Task requirements:
Line by line, return the listing exactly, without any of the images.

Material shown:
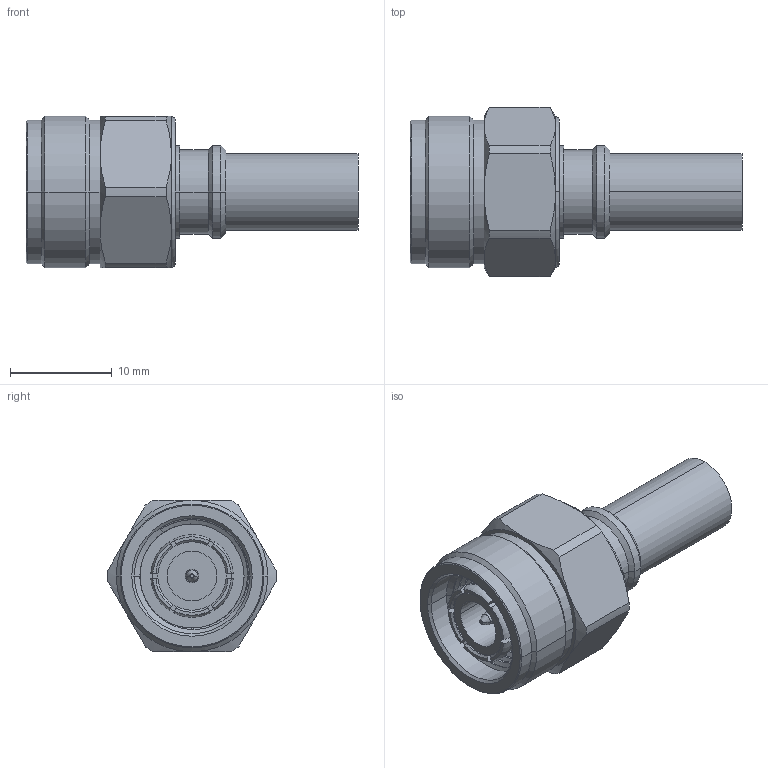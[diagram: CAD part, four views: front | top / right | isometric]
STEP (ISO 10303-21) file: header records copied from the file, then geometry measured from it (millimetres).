
FILE_DESCRIPTION((''),'2;1');
FILE_NAME('31-6825_SW0001','2018-05-23T',('Anandh'),(''),'CREO PARAMETRIC BY PTC INC, 2017020','CREO PARAMETRIC BY PTC INC, 2017020','');
FILE_SCHEMA(('CONFIG_CONTROL_DESIGN'));
Length unit declared in the file: inch
Products named in the file (1): 31-6825_SW0001
Bounding box: 32.55 x 16.65 x 14.85 mm (x, y, z)
Volume: 2560.9 mm3; surface area: 2864.7 mm2
Topology: 1 solids, 1 shells, 181 faces, 426 edges, 266 vertices
Faces by surface type: cylinder 72, plane 51, cone 44, torus 8, bspline 6
Entity records: 8554 total; most frequent: CARTESIAN_POINT 4373, DIRECTION 882, ORIENTED_EDGE 852, EDGE_CURVE 426, AXIS2_PLACEMENT_3D 363, VERTEX_POINT 266, EDGE_LOOP 200, CIRCLE 188

Reply:
[diagram: CAD part, four views: front | top / right | isometric]
STEP (ISO 10303-21) file: header records copied from the file, then geometry measured from it (millimetres).
FILE_DESCRIPTION((''),'2;1');
FILE_NAME('31-6825_SW0001','2018-05-23T',('Anandh'),(''),'CREO PARAMETRIC BY PTC INC, 2017020','CREO PARAMETRIC BY PTC INC, 2017020','');
FILE_SCHEMA(('CONFIG_CONTROL_DESIGN'));
Length unit declared in the file: inch
Products named in the file (1): 31-6825_SW0001
Bounding box: 32.55 x 16.65 x 14.85 mm (x, y, z)
Volume: 2560.9 mm3; surface area: 2864.7 mm2
Topology: 1 solids, 1 shells, 181 faces, 426 edges, 266 vertices
Faces by surface type: cylinder 72, plane 51, cone 44, torus 8, bspline 6
Entity records: 8554 total; most frequent: CARTESIAN_POINT 4373, DIRECTION 882, ORIENTED_EDGE 852, EDGE_CURVE 426, AXIS2_PLACEMENT_3D 363, VERTEX_POINT 266, EDGE_LOOP 200, CIRCLE 188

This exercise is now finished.